Nikolai Sologubov

Personal information
- Born: 8 August 1924 Moscow, Russian SFSR, USSR
- Died: 1 August 1988 (aged 63) Moscow, Russian SFSR, USSR
- Height: 178 cm (5 ft 10 in)
- Weight: 84 kg (185 lb)

Sport
- Sport: Ice hockey

Medal record
Representing the Soviet Union
Olympic Games
| Gold medal – first place | 1956 Cortina d'Ampezzo | Team |
| Bronze medal – third place | 1960 Squaw Valley | Team |
World Championships
| Silver medal – second place | 1955 West Germany | Team |
| Gold medal – first place | 1956 Cortina d'Ampezzo | Team |
| Silver medal – second place | 1957 Moscow | Team |
| Silver medal – second place | 1958 Oslo | Team |
| Silver medal – second place | 1959 Prague | Team |
| Bronze medal – third place | 1960 Squaw Valley | Team |
| Bronze medal – third place | 1961 Switzerland | Team |
| Gold medal – first place | 1963 Stockholm | Team |

= Nikolai Sologubov =

Soviet ice hockey player (1924–1988)

Nikolai Mikhailovich Sologubov (Николай Михайлович Сологубов; 8 August 1924 – 17 August 1988) was a Russian ice hockey defenceman who won a gold and a bronze medal with Soviet teams at the 1956 and 1960 Olympics, respectively. He was inducted into the IIHF Hall of Fame in 2004.

==World War II==
Sologubov took part in World War II. Serving in the naval infantry he was wounded in the foot in a battle near Shlisselburg in 1943 when he stepped on a German booby trap. After a month and a half rehabilitation at a hospital he returned to front into the infantry and served as a scout. Six months later he was wounded into his arm, but returned to the Leningrad front once again. He was wounded for the third time during the Krasnoye Selo offensive, when a "jumping mine" exploded very close to him. The wound was so serious, that doctors were going to amputate his leg, suspecting gangrene. Fortunately, this diagnosis had not been confirmed, but he was operated four times on the right leg and four times on the left one.

==Sports career==
Sologubov took up skating to heal his foot injury and played ice hockey for several Moscow-based teams from 1949 to 1964, finishing with SKA Kalinin in 1964–65. He played for the national team in all major tournaments from 1955 to 1963 (except for the boycotted 1962 World Ice Hockey Championships), including Winter Olympics, world and European championships. He was the team captain in 1957–61 and served as the Soviet Olympic flag bearer at the 1960 Winter Olympics. He won an Olympic gold medal in 1956 and the European title in 1955–56, 1958–60 and 1963. At the world championships he won a gold medal in 1956 and 1963, a silver in 1955 and 1957–1959, and a bronze in 1960 and 1961, and was named world's best defenceman in 1956, 1957 and 1960. He was inducted into the IIHF Hall of Fame in 2004.

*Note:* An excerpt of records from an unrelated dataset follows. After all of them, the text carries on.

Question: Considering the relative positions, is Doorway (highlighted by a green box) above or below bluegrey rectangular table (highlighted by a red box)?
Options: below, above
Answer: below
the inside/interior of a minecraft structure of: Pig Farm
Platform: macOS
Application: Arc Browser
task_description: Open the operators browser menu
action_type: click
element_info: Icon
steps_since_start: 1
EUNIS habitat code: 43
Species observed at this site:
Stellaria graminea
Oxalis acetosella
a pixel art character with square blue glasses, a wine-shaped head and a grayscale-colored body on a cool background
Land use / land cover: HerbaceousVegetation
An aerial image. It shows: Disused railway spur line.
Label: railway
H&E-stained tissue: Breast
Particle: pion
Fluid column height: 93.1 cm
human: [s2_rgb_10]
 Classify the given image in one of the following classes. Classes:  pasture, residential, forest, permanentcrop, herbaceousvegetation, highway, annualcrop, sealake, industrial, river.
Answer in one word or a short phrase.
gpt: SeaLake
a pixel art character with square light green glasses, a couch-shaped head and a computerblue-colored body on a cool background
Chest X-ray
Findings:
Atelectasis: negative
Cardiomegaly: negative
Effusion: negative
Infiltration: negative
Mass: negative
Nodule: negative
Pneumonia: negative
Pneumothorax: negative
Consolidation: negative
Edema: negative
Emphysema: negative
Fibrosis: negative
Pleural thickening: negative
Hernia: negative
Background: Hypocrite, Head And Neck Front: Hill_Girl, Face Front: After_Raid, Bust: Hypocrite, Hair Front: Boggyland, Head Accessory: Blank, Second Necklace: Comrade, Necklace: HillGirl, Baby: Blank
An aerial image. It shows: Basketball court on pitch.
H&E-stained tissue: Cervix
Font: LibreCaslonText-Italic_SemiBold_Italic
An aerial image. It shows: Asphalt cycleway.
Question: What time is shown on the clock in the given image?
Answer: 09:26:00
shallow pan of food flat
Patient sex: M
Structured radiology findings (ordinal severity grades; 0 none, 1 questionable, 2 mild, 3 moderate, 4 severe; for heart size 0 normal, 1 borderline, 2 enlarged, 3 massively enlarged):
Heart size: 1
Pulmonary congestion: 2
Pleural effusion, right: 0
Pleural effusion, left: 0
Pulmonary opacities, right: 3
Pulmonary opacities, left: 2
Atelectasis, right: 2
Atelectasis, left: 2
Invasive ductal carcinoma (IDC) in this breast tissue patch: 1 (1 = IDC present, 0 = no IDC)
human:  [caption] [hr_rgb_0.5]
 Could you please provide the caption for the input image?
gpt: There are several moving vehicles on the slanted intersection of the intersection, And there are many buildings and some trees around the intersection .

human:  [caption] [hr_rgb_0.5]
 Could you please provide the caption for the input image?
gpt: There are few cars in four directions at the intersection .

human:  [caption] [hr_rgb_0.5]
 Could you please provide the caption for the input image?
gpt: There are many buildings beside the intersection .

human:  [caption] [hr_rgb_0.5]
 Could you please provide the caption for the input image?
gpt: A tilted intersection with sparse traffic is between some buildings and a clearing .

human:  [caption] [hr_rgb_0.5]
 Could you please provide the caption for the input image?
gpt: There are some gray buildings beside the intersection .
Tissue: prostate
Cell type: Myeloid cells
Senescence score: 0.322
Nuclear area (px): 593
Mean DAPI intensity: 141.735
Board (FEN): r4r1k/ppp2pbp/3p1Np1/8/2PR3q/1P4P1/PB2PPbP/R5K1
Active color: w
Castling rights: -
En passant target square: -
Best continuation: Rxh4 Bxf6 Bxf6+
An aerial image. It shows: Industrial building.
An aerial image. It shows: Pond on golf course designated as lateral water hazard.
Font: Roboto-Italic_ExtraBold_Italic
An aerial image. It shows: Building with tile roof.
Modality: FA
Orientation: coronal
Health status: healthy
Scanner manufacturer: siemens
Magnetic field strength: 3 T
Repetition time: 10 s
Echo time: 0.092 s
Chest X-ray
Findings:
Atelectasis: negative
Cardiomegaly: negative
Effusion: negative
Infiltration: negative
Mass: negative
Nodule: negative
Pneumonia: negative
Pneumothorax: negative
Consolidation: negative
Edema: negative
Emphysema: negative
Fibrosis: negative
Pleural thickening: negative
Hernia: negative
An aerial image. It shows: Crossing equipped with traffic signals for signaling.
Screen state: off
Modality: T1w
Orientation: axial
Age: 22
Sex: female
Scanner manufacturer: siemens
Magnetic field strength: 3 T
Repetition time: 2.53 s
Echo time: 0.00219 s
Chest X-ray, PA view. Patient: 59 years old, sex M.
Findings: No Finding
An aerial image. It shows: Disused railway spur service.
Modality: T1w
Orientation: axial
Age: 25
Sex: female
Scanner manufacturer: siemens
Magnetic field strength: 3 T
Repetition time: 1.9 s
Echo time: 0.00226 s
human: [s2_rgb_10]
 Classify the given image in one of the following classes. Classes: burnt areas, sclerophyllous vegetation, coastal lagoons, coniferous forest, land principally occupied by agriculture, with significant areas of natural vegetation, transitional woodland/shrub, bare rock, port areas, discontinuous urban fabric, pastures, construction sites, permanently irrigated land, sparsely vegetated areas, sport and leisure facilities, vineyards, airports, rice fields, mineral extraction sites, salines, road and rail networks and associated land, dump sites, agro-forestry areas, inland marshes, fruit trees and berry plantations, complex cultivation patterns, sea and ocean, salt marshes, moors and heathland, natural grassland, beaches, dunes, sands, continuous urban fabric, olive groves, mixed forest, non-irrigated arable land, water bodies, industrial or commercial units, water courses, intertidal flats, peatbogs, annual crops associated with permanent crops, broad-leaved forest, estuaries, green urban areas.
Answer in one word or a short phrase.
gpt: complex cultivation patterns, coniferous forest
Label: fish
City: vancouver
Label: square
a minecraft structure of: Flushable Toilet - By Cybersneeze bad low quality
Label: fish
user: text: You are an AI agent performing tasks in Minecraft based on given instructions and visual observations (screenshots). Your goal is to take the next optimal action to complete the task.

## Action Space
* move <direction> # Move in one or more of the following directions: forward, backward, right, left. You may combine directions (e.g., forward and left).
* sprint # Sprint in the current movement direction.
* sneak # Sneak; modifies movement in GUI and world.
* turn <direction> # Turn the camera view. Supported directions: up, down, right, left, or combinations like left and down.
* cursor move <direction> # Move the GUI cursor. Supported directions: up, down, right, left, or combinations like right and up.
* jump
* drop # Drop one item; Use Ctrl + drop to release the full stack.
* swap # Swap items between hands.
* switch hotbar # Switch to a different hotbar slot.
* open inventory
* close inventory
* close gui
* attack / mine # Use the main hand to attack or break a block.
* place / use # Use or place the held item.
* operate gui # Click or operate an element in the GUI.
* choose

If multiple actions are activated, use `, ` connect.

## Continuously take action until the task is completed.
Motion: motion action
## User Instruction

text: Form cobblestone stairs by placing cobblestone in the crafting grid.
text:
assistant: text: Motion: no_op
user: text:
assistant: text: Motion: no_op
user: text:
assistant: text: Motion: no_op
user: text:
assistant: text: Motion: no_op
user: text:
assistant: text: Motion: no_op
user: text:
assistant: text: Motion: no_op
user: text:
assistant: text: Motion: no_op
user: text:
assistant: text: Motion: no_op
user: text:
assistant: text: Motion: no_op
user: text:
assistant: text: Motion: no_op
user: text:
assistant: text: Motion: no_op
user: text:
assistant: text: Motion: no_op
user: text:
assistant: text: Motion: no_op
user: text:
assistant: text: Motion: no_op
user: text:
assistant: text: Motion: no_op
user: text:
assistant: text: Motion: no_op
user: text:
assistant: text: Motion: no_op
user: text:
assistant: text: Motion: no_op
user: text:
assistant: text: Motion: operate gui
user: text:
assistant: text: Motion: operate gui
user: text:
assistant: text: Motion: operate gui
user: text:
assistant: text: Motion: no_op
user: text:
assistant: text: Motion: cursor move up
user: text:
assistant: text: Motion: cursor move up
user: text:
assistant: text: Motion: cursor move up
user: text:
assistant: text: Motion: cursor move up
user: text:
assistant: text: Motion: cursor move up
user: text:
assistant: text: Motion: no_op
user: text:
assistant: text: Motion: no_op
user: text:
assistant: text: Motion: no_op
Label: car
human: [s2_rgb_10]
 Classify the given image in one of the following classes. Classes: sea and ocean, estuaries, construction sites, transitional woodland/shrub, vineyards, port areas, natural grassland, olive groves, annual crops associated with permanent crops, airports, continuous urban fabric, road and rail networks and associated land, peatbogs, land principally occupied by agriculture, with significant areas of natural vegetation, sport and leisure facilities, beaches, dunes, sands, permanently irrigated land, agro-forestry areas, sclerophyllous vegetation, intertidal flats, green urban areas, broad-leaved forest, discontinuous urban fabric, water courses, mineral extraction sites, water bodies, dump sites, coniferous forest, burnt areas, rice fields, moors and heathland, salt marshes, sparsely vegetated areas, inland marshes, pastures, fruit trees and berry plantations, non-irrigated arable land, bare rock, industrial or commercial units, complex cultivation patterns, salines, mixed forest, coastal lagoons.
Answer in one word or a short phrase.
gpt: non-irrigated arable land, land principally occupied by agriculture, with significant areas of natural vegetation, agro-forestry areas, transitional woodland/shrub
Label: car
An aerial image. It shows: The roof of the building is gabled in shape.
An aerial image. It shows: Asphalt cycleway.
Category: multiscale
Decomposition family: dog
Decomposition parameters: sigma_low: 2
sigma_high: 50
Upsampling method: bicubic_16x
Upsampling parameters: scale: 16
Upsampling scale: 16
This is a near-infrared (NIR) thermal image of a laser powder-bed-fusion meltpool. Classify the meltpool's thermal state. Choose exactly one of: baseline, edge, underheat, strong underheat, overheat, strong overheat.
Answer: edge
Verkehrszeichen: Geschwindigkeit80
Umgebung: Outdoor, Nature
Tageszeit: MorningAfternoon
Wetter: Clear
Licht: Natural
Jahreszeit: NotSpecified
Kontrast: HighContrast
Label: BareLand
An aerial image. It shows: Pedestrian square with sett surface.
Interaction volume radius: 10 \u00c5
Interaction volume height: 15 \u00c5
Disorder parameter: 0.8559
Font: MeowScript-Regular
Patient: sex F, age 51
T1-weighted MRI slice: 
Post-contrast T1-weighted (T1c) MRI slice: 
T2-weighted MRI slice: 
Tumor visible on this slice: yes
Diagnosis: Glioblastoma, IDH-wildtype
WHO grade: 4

Sologubov is known for trying to help the U.S. team at the 1960 Winter Olympics. When the U.S. was losing to Czechoslovakia, Sologubov went to their dressing room and informed them (using gestures, because he did not speak English) that they should use oxygen cans for better recovery during the breaks. The Americans came back to win the game and the gold medal. The Soviets needed the United States to defeat Czechoslovakia to have an opportunity to win the silver medal. However, they would lose their last game of the tournament, finishing in a third place.

==Retirement, awards and honours==
In 1957, Sologubov was awarded the Order of the Red Banner of Labour. He was also awarded the Medal "For Battle Merit" and the Medal "For Labour Valour". After retiring from competitions he coached ice hockey teams in Penza (1966–67) and Novokuznetsk (1967–68). In 1967 he published a book My Friend Hockey (Мой друг хоккей).

Sologubov died on 1 August 1988. He was posthumously inducted into the IIHF Hall of Fame in 2004.